/scEMAIL

Universal and Source-free Annotation Method for scRNA-seq Data with Novel Cell-type Perception

Primary LanguagePython

scEMAIL

Universal and Source-free Annotation Method for scRNA-seq Data with Novel Cell-type Perception

Current cell-type annotation tools offor single-cell RNA sequencing (scRNA-seq) data mainly utilize well-annotated source data to help identify cell types in target data. However, on account of privacy preservation, their requirements for raw source data may not always be satisfied. In this case, achieving feature alignment between source and target data explicitly is impossible. Additionally, these methods are barely able to discover the presence of novel cell types. A subjective threshold is often selected by users to detect novel cells.
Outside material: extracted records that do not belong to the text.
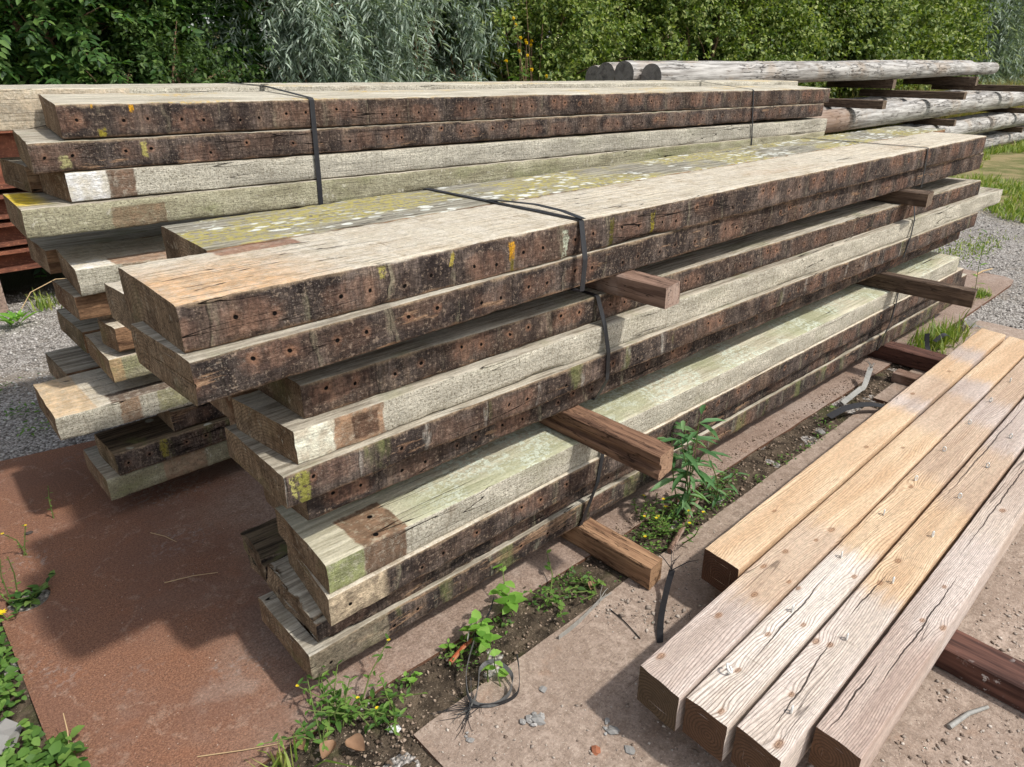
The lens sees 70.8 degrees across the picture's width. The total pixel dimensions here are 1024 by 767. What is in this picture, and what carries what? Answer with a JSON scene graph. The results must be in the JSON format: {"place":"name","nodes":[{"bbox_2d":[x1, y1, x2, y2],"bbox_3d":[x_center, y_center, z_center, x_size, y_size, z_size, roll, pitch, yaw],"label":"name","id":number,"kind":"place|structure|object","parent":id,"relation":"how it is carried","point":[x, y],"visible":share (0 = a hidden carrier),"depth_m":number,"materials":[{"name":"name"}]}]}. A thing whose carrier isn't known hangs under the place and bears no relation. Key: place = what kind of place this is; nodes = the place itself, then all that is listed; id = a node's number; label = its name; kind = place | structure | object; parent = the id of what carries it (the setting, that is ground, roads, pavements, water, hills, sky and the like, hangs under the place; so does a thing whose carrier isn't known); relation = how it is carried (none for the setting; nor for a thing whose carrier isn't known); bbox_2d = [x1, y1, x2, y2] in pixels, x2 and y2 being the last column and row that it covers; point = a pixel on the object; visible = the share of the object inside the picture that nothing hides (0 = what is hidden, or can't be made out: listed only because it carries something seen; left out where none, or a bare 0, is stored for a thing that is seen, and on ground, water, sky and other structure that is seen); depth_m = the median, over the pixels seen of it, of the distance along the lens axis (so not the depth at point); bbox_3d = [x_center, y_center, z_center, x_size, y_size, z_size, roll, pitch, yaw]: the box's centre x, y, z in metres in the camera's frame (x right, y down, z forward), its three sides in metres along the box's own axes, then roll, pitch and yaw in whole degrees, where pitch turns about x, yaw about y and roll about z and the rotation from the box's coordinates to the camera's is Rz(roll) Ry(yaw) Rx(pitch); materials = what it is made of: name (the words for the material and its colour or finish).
{"place":"outdoors","nodes":[
{"label":"outdoors","id":0,"kind":"place"},
{"bbox_2d":[0,61,1023,766],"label":"ground","id":1,"kind":"structure","parent":0,"point":[1006,167],"depth_m":4.80,"materials":[{"name":"gravel"}]},
{"bbox_2d":[0,283,8,312],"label":"timber block","id":2,"kind":"object","parent":1,"relation":"on","point":[3,307],"depth_m":4.92,"materials":[{"name":"brown wood"}]},
{"bbox_2d":[0,244,40,273],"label":"steel section","id":3,"kind":"object","parent":2,"relation":"on","point":[15,258],"visible":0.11,"depth_m":4.99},
{"bbox_2d":[0,622,56,765],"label":"soil verge","id":4,"kind":"structure","parent":1,"relation":"on","point":[22,709],"depth_m":1.94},
{"bbox_2d":[0,619,48,766],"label":"clover cover","id":5,"kind":"object","parent":4,"relation":"on","point":[29,750],"visible":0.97,"depth_m":1.88,"materials":[{"name":"green plant"}]},
{"bbox_2d":[2,725,90,766],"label":"clover cover","id":6,"kind":"object","parent":4,"relation":"on","point":[59,748],"visible":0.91,"depth_m":1.77,"materials":[{"name":"green plant"}]},
{"bbox_2d":[0,0,133,84],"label":"elder shrub","id":7,"kind":"object","parent":1,"relation":"on","point":[5,40],"visible":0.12,"depth_m":5.48,"materials":[{"name":"green plant"}]},
{"bbox_2d":[0,287,143,460],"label":"gravel stones","id":8,"kind":"object","parent":1,"relation":"on","point":[16,403],"visible":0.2,"depth_m":4.07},
{"bbox_2d":[0,0,258,277],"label":"elder shrub","id":9,"kind":"object","parent":1,"relation":"on","point":[37,69],"visible":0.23,"depth_m":5.45,"materials":[{"name":"green plant"}]},
{"bbox_2d":[74,0,273,83],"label":"weed shrub","id":10,"kind":"object","parent":1,"relation":"on","point":[174,56],"visible":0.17,"depth_m":5.76,"materials":[{"name":"green plant"}]},
{"bbox_2d":[48,0,335,83],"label":"elder shrub","id":11,"kind":"object","parent":1,"relation":"on","point":[198,32],"visible":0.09,"depth_m":6.37,"materials":[{"name":"green plant"}]},
{"bbox_2d":[47,0,422,82],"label":"dark tree","id":12,"kind":"object","parent":1,"relation":"on","point":[215,17],"visible":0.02,"depth_m":7.50,"materials":[{"name":"plant"}]},
{"bbox_2d":[191,0,452,82],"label":"willow bush","id":13,"kind":"object","parent":1,"relation":"on","point":[310,34],"visible":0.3,"depth_m":6.50,"materials":[{"name":"green plant"}]},
{"bbox_2d":[269,692,441,766],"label":"soil patch","id":14,"kind":"object","parent":1,"relation":"on","point":[426,760],"visible":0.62,"depth_m":1.82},
{"bbox_2d":[289,0,523,81],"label":"willow bush","id":15,"kind":"object","parent":1,"relation":"on","point":[468,26],"visible":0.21,"depth_m":7.65,"materials":[{"name":"green plant"}]},
{"bbox_2d":[416,34,487,81],"bbox_3d":[-0.498,-2.903,8.150,1.570,1.951,1.707,-21,32,-38],"label":"willow bush","id":16,"kind":"object","parent":1,"relation":"on","point":[453,77],"visible":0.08,"depth_m":7.78,"materials":[{"name":"green plant"}]},
{"bbox_2d":[0,269,1013,766],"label":"steel plate","id":17,"kind":"object","parent":1,"relation":"on","point":[164,699],"visible":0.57,"depth_m":2.29,"materials":[{"name":"metal"}]},
{"bbox_2d":[561,517,661,589],"bbox_3d":[0.143,0.478,2.688,0.082,0.090,0.980,-21,32,-38],"label":"spacer timber","id":18,"kind":"object","parent":17,"relation":"on","point":[629,558],"visible":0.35,"depth_m":2.44,"materials":[{"name":"brown wood"}]},
{"bbox_2d":[258,301,952,679],"bbox_3d":[1.124,0.034,3.450,4.762,0.090,0.316,-21,32,-38],"label":"timber plank","id":19,"kind":"object","parent":18,"relation":"on","point":[308,651],"visible":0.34,"depth_m":2.27,"materials":[{"name":"brown wood"}]},
{"bbox_2d":[267,273,966,641],"bbox_3d":[1.165,-0.065,3.451,4.815,0.090,0.311,-21,32,-38],"label":"timber plank","id":20,"kind":"object","parent":19,"relation":"on","point":[291,591],"visible":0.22,"depth_m":2.16,"materials":[{"name":"brown wood"}]},
{"bbox_2d":[286,267,963,625],"bbox_3d":[1.112,-0.107,3.326,4.563,0.090,0.321,-21,32,-38],"label":"timber plank","id":21,"kind":"object","parent":20,"relation":"on","point":[344,602],"visible":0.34,"depth_m":2.23,"materials":[{"name":"grey wood"}]},
{"bbox_2d":[274,251,959,593],"bbox_3d":[1.078,-0.185,3.279,4.471,0.090,0.329,-21,32,-38],"label":"timber plank","id":22,"kind":"object","parent":21,"relation":"on","point":[342,546],"visible":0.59,"depth_m":2.28,"materials":[{"name":"brown wood"}]},
{"bbox_2d":[431,0,636,81],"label":"hedge shrub","id":23,"kind":"object","parent":1,"relation":"on","point":[558,52],"visible":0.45,"depth_m":8.39,"materials":[{"name":"green plant"}]},
{"bbox_2d":[508,0,707,80],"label":"hedge shrub","id":24,"kind":"object","parent":1,"relation":"on","point":[641,43],"visible":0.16,"depth_m":9.51,"materials":[{"name":"green plant"}]},
{"bbox_2d":[263,320,974,766],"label":"soil strip","id":25,"kind":"object","parent":1,"relation":"on","point":[533,618],"visible":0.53,"depth_m":2.25,"materials":[{"name":"soil"}]},
{"bbox_2d":[257,674,362,751],"bbox_3d":[-0.487,0.866,1.816,0.187,0.108,0.239,7,25,15],"label":"ragwort weed","id":26,"kind":"object","parent":25,"relation":"on","point":[322,726],"visible":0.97,"depth_m":1.85,"materials":[{"name":"green"}]},
{"bbox_2d":[305,672,412,735],"bbox_3d":[-0.378,0.832,1.886,0.189,0.112,0.269,-69,71,-64],"label":"ragwort weed","id":27,"kind":"object","parent":25,"relation":"on","point":[378,710],"visible":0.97,"depth_m":1.88,"materials":[{"name":"green"}]},
{"bbox_2d":[295,633,427,726],"bbox_3d":[-0.401,0.797,1.923,0.341,0.145,0.187,-5,25,-10],"label":"ragwort weed","id":28,"kind":"object","parent":25,"relation":"on","point":[335,693],"visible":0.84,"depth_m":1.90,"materials":[{"name":"green"}]},
{"bbox_2d":[488,564,526,615],"bbox_3d":[-0.008,0.639,2.244,0.115,0.166,0.193,2,24,4],"label":"broadleaf weed","id":29,"kind":"object","parent":25,"relation":"on","point":[511,601],"visible":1,"depth_m":2.21,"materials":[{"name":"green"}]},
{"bbox_2d":[388,403,836,694],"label":"soil seedlings","id":30,"kind":"object","parent":25,"relation":"on","point":[510,621],"visible":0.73,"depth_m":2.38,"materials":[{"name":"green plant"}]},
{"bbox_2d":[270,325,969,766],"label":"soil crumbs","id":31,"kind":"object","parent":25,"relation":"on","point":[574,593],"visible":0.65,"depth_m":2.23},
{"bbox_2d":[650,404,731,520],"bbox_3d":[0.636,0.312,2.651,0.368,0.424,0.265,-21,32,-38],"label":"willowherb","id":32,"kind":"object","parent":25,"relation":"on","point":[692,462],"visible":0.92,"depth_m":2.66,"materials":[{"name":"green"}]},
{"bbox_2d":[907,308,978,354],"bbox_3d":[2.670,-0.320,4.401,0.458,0.146,0.969,19,30,35],"label":"grass tuft","id":33,"kind":"object","parent":25,"relation":"on","point":[943,342],"visible":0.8,"depth_m":4.38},
{"bbox_2d":[625,0,789,60],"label":"hedge shrub","id":34,"kind":"object","parent":1,"relation":"on","point":[732,9],"visible":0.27,"depth_m":10.14,"materials":[{"name":"green plant"}]},
{"bbox_2d":[413,407,1023,766],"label":"steel plate","id":35,"kind":"object","parent":1,"relation":"on","point":[587,660],"visible":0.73,"depth_m":1.96,"materials":[{"name":"metal"}]},
{"bbox_2d":[425,412,1023,766],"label":"plate grit","id":36,"kind":"object","parent":35,"relation":"on","point":[649,743],"visible":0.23,"depth_m":1.89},
{"bbox_2d":[934,629,1023,712],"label":"bearer timber","id":37,"kind":"object","parent":35,"relation":"on","point":[982,666],"visible":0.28,"depth_m":1.98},
{"bbox_2d":[637,336,1023,731],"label":"sawn beam","id":38,"kind":"structure","parent":37,"relation":"on","point":[680,666],"depth_m":2.21,"materials":[{"name":"brown wood"}]},
{"bbox_2d":[682,358,1023,761],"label":"sawn beam","id":39,"kind":"structure","parent":37,"relation":"on","point":[728,693],"depth_m":2.08,"materials":[{"name":"brown wood"}]},
{"bbox_2d":[701,328,1005,591],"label":"sawn beam","id":40,"kind":"structure","parent":37,"relation":"on","point":[735,552],"depth_m":2.67,"materials":[{"name":"brown wood"}]},
{"bbox_2d":[675,0,843,87],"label":"hedge shrub","id":41,"kind":"object","parent":1,"relation":"on","point":[793,27],"visible":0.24,"depth_m":11.42,"materials":[{"name":"green plant"}]},
{"bbox_2d":[738,0,872,98],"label":"hedge shrub","id":42,"kind":"object","parent":1,"relation":"on","point":[834,51],"visible":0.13,"depth_m":12.57,"materials":[{"name":"green plant"}]},
{"bbox_2d":[794,0,942,132],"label":"hedge shrub","id":43,"kind":"object","parent":1,"relation":"on","point":[887,21],"visible":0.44,"depth_m":12.98,"materials":[{"name":"green plant"}]},
{"bbox_2d":[843,0,979,91],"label":"hedge shrub","id":44,"kind":"object","parent":1,"relation":"on","point":[935,33],"visible":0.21,"depth_m":14.96,"materials":[{"name":"green plant"}]},
{"bbox_2d":[873,320,1023,403],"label":"steel plate","id":45,"kind":"object","parent":1,"relation":"on","point":[890,392],"visible":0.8,"depth_m":4.39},
{"bbox_2d":[867,341,946,371],"bbox_3d":[2.146,-0.204,4.194,0.118,0.090,1.256,-21,32,-38],"label":"spacer timber","id":46,"kind":"object","parent":45,"relation":"on","point":[910,356],"visible":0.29,"depth_m":4.05,"materials":[{"name":"brown wood"}]},
{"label":"timber plank","id":47,"kind":"object","parent":46,"relation":"on","visible":0},
{"bbox_2d":[240,518,287,581],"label":"timber plank","id":48,"kind":"object","parent":47,"relation":"on","point":[264,544],"visible":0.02,"depth_m":2.15,"materials":[{"name":"brown wood"}]},
{"bbox_2d":[263,487,281,507],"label":"timber plank","id":49,"kind":"object","parent":48,"relation":"on","point":[272,501],"visible":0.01,"depth_m":2.30,"materials":[{"name":"brown wood"}]},
{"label":"timber plank","id":50,"kind":"object","parent":49,"relation":"on","visible":0},
{"bbox_2d":[539,405,673,480],"bbox_3d":[0.121,0.086,2.468,0.086,0.085,1.006,-21,32,-38],"label":"spacer timber","id":51,"kind":"object","parent":50,"relation":"on","point":[648,455],"visible":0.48,"depth_m":2.23,"materials":[{"name":"brown wood"}]},
{"bbox_2d":[291,232,959,519],"bbox_3d":[1.060,-0.371,3.262,4.532,0.090,0.316,-21,32,-38],"label":"timber plank","id":52,"kind":"object","parent":51,"relation":"on","point":[366,486],"visible":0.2,"depth_m":2.29,"materials":[{"name":"brown wood"}]},
{"bbox_2d":[225,212,977,508],"bbox_3d":[1.069,-0.434,3.183,4.602,0.090,0.340,-20,31,-38],"label":"timber plank","id":53,"kind":"object","parent":52,"relation":"on","point":[285,482],"visible":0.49,"depth_m":2.09,"materials":[{"name":"brown wood"}]},
{"bbox_2d":[232,187,1002,463],"bbox_3d":[1.245,-0.577,3.280,5.020,0.090,0.296,-20,31,-38],"label":"timber plank","id":54,"kind":"object","parent":53,"relation":"on","point":[271,423],"visible":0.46,"depth_m":2.11,"materials":[{"name":"grey wood"}]},
{"bbox_2d":[256,177,980,417],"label":"timber plank","id":55,"kind":"object","parent":54,"relation":"on","point":[324,389],"visible":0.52,"depth_m":2.20,"materials":[{"name":"brown wood"}]},
{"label":"timber plank","id":56,"kind":"object","parent":51,"relation":"on","visible":0},
{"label":"timber plank","id":57,"kind":"object","parent":56,"relation":"on","visible":0},
{"bbox_2d":[210,388,257,422],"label":"timber plank","id":58,"kind":"object","parent":57,"relation":"on","point":[224,406],"visible":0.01,"depth_m":1.89,"materials":[{"name":"brown wood"}]},
{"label":"timber plank","id":59,"kind":"object","parent":58,"relation":"on","visible":0},
{"bbox_2d":[585,270,680,308],"bbox_3d":[0.184,-0.403,2.485,0.094,0.071,0.912,-21,32,-38],"label":"spacer timber","id":60,"kind":"object","parent":59,"relation":"on","point":[651,289],"visible":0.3,"depth_m":2.22,"materials":[{"name":"brown wood"}]},
{"bbox_2d":[104,280,141,329],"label":"timber plank","id":61,"kind":"object","parent":60,"relation":"on","point":[122,314],"depth_m":1.82,"materials":[{"name":"brown wood"}]},
{"bbox_2d":[161,126,944,258],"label":"timber plank","id":62,"kind":"object","parent":61,"relation":"on","point":[197,237],"visible":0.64,"depth_m":2.41,"materials":[{"name":"grey wood"}]},
{"bbox_2d":[130,153,983,405],"bbox_3d":[0.997,-0.727,2.998,4.788,0.096,0.354,-21,32,-39],"label":"timber plank","id":63,"kind":"object","parent":60,"relation":"on","point":[203,376],"visible":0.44,"depth_m":1.77,"materials":[{"name":"brown wood"}]},
{"bbox_2d":[423,188,587,291],"bbox_3d":[-0.042,-0.491,2.341,0.065,0.216,0.780,-21,32,-38],"label":"bundle strap","id":64,"kind":"object","parent":63,"relation":"attached to","point":[583,246],"visible":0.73,"depth_m":2.11,"materials":[{"name":"black plastic"}]},
{"bbox_2d":[118,132,986,352],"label":"timber plank","id":65,"kind":"object","parent":63,"relation":"on","point":[188,304],"visible":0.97,"depth_m":1.87,"materials":[{"name":"brown wood"}]},
{"bbox_2d":[868,188,933,206],"bbox_3d":[1.854,-1.056,3.925,0.113,0.070,0.806,-21,32,-38],"label":"spacer timber","id":66,"kind":"object","parent":59,"relation":"on","point":[915,197],"visible":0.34,"depth_m":3.69,"materials":[{"name":"brown wood"}]},
{"bbox_2d":[855,271,977,307],"bbox_3d":[1.945,-0.585,3.949,0.074,0.086,1.081,-21,32,-38],"label":"spacer timber","id":67,"kind":"object","parent":50,"relation":"on","point":[949,293],"visible":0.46,"depth_m":3.72,"materials":[{"name":"brown wood"}]},
{"bbox_2d":[903,0,1004,90],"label":"hedge shrub","id":68,"kind":"object","parent":1,"relation":"on","point":[971,22],"visible":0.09,"depth_m":16.56,"materials":[{"name":"green plant"}]},
{"bbox_2d":[936,207,1023,327],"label":"gravel stones","id":69,"kind":"object","parent":1,"relation":"on","point":[979,251],"visible":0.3,"depth_m":6.46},
{"bbox_2d":[961,0,1023,84],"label":"willow tree","id":70,"kind":"object","parent":1,"relation":"on","point":[1007,43],"visible":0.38,"depth_m":18.34,"materials":[{"name":"green plant"}]},
{"bbox_2d":[984,128,1023,148],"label":"wooden pole","id":71,"kind":"object","parent":1,"relation":"on","point":[999,138],"visible":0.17,"depth_m":14.04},
{"bbox_2d":[995,127,1023,132],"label":"spacer timber","id":72,"kind":"object","parent":71,"relation":"on","point":[1016,129],"visible":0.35,"depth_m":14.18,"materials":[{"name":"brown wood"}]},
{"bbox_2d":[919,112,1023,134],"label":"wooden pole","id":73,"kind":"object","parent":72,"relation":"on","point":[976,125],"visible":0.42,"depth_m":12.68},
{"bbox_2d":[901,118,956,125],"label":"spacer timber","id":74,"kind":"object","parent":73,"relation":"on","point":[939,122],"visible":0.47,"depth_m":11.22,"materials":[{"name":"brown wood"}]},
{"bbox_2d":[812,91,1023,132],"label":"wooden pole","id":75,"kind":"object","parent":74,"relation":"on","point":[841,119],"visible":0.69,"depth_m":10.48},
{"bbox_2d":[865,90,980,99],"bbox_3d":[6.231,-4.517,11.680,10.900,0.287,0.310,-21,32,-38],"label":"wooden pole","id":76,"kind":"object","parent":74,"relation":"on","point":[890,98],"visible":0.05,"depth_m":11.31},
{"bbox_2d":[858,89,966,99],"bbox_3d":[6.027,-4.372,10.886,0.143,0.102,1.507,-21,32,-38],"label":"spacer timber","id":77,"kind":"object","parent":76,"relation":"on","point":[915,94],"visible":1,"depth_m":10.80,"materials":[{"name":"brown wood"}]},
{"bbox_2d":[953,138,1023,222],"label":"grass","id":78,"kind":"structure","parent":0,"point":[1017,147],"depth_m":9.40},
{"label":"spacer timber","id":79,"kind":"object","parent":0,"visible":0},
{"bbox_2d":[83,440,230,500],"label":"timber plank","id":80,"kind":"object","parent":79,"relation":"on","point":[112,482],"visible":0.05,"depth_m":2.77,"materials":[{"name":"grey wood"}]},
{"bbox_2d":[94,415,229,475],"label":"timber plank","id":81,"kind":"object","parent":80,"relation":"on","point":[135,445],"visible":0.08,"depth_m":2.75,"materials":[{"name":"brown wood"}]},
{"bbox_2d":[157,402,225,431],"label":"timber plank","id":82,"kind":"object","parent":81,"relation":"on","point":[177,419],"visible":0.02,"depth_m":2.79,"materials":[{"name":"brown wood"}]},
{"bbox_2d":[45,346,99,378],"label":"timber plank","id":83,"kind":"object","parent":82,"relation":"on","point":[65,362],"visible":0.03,"depth_m":2.92,"materials":[{"name":"grey wood"}]},
{"bbox_2d":[33,368,192,440],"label":"timber plank","id":84,"kind":"object","parent":82,"relation":"on","point":[82,403],"visible":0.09,"depth_m":2.61,"materials":[{"name":"brown wood"}]},
{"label":"spacer timber","id":85,"kind":"object","parent":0,"visible":0},
{"bbox_2d":[56,308,99,352],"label":"timber plank","id":86,"kind":"object","parent":85,"relation":"on","point":[74,328],"visible":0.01,"depth_m":2.87,"materials":[{"name":"brown wood"}]},
{"bbox_2d":[84,331,151,382],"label":"timber plank","id":87,"kind":"object","parent":85,"relation":"on","point":[115,365],"visible":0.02,"depth_m":2.58,"materials":[{"name":"brown wood"}]},
{"bbox_2d":[97,315,111,319],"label":"timber plank","id":88,"kind":"object","parent":87,"relation":"on","point":[104,317],"depth_m":2.75,"materials":[{"name":"brown wood"}]},
{"bbox_2d":[52,278,110,320],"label":"timber plank","id":89,"kind":"object","parent":88,"relation":"on","point":[72,300],"visible":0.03,"depth_m":2.48,"materials":[{"name":"brown wood"}]},
{"bbox_2d":[56,235,166,296],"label":"timber plank","id":90,"kind":"object","parent":89,"relation":"on","point":[90,269],"visible":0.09,"depth_m":2.51,"materials":[{"name":"brown wood"}]},
{"bbox_2d":[276,202,333,209],"bbox_3d":[-0.945,-0.801,3.190,0.093,0.096,0.656,-21,32,-38],"label":"spacer timber","id":91,"kind":"object","parent":90,"relation":"on","point":[295,207],"visible":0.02,"depth_m":3.14,"materials":[{"name":"brown wood"}]},
{"bbox_2d":[3,131,824,238],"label":"timber plank","id":92,"kind":"object","parent":91,"relation":"on","point":[36,214],"visible":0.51,"depth_m":2.74,"materials":[{"name":"grey wood"}]},
{"bbox_2d":[0,157,42,192],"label":"timber plank","id":93,"kind":"object","parent":92,"relation":"on","point":[17,172],"depth_m":2.49,"materials":[{"name":"brown wood"}]},
{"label":"timber plank","id":94,"kind":"object","parent":93,"relation":"on","visible":0},
{"bbox_2d":[0,80,797,130],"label":"timber plank","id":95,"kind":"object","parent":94,"relation":"on","point":[20,107],"visible":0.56,"depth_m":2.98,"materials":[{"name":"brown wood"}]},
{"bbox_2d":[39,117,826,201],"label":"timber plank","id":96,"kind":"object","parent":92,"relation":"on","point":[79,185],"visible":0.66,"depth_m":2.98,"materials":[{"name":"grey wood"}]},
{"bbox_2d":[12,103,823,173],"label":"timber plank","id":97,"kind":"object","parent":96,"relation":"on","point":[42,151],"visible":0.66,"depth_m":2.82,"materials":[{"name":"brown wood"}]},
{"bbox_2d":[38,85,830,138],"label":"timber plank","id":98,"kind":"object","parent":97,"relation":"on","point":[72,116],"visible":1,"depth_m":2.90,"materials":[{"name":"brown wood"}]},
{"bbox_2d":[26,210,274,273],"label":"timber plank","id":99,"kind":"object","parent":88,"relation":"on","point":[43,253],"visible":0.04,"depth_m":2.80,"materials":[{"name":"brown wood"}]},
{"bbox_2d":[97,317,134,351],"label":"timber plank","id":100,"kind":"object","parent":87,"relation":"on","point":[116,335],"visible":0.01,"depth_m":2.53,"materials":[{"name":"brown wood"}]},
{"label":"spacer timber","id":101,"kind":"object","parent":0,"visible":0},
{"bbox_2d":[614,60,972,80],"bbox_3d":[4.853,-4.533,10.399,10.100,0.262,0.267,-21,32,-38],"label":"wooden pole","id":102,"kind":"object","parent":101,"relation":"on","point":[628,70],"visible":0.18,"depth_m":7.50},
{"bbox_2d":[641,62,998,82],"bbox_3d":[5.272,-4.526,10.429,10.550,0.262,0.271,-21,32,-38],"label":"wooden pole","id":103,"kind":"object","parent":101,"relation":"on","point":[801,72],"visible":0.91,"depth_m":9.02,"materials":[{"name":"wood"}]},
{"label":"bearer timber","id":104,"kind":"object","parent":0,"visible":0},
{"bbox_2d":[731,399,1023,766],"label":"sawn beam","id":105,"kind":"structure","parent":104,"relation":"on","point":[779,722],"depth_m":1.97,"materials":[{"name":"brown wood"}]},
{"bbox_2d":[808,453,1023,766],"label":"sawn beam","id":106,"kind":"structure","parent":104,"relation":"on","point":[855,726],"depth_m":1.90,"materials":[{"name":"brown wood"}]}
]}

We propose a universal annotation framework for scRNA-seq data called scEMAIL, which automatically detects novel cell types without accessing source data during adaptation. For new celltype identification, a novel cell-type perception module is designed with three steps. First, an expert ensemble system measures uncertainty of each cell from three complementary aspects. Second, based on this measurement, bimodality tests are applied to detect the presence of new cell types. Third, once assured of their presence, an adaptive threshold via manifold mixup partitions target cells into “known” and “unknown” groups. Model adaptation is then conducted to alleviate the batch effect. We gather multi-order neighborhood messages globally and impose local affinity regularizations on “known” cells. These constraints mitigate wrong classifications of the source model via reliable self-supervised information of neighbors. scEMAIL is accurate and robust under various scenarios in both simulation and real data. It is also flexible to be applied to challenging single-cell ATAC-seq data without loss of superiority.



For more information, please refer to https://doi.org/10.1016/j.gpb.2022.12.008

Reference

Wan, H., Chen, L., & Deng, M. (2023). scEMAIL: Universal and Source-free Annotation Method for scRNA-seq Data with Novel Cell-type Perception. Genomics, Proteomics & Bioinformatics.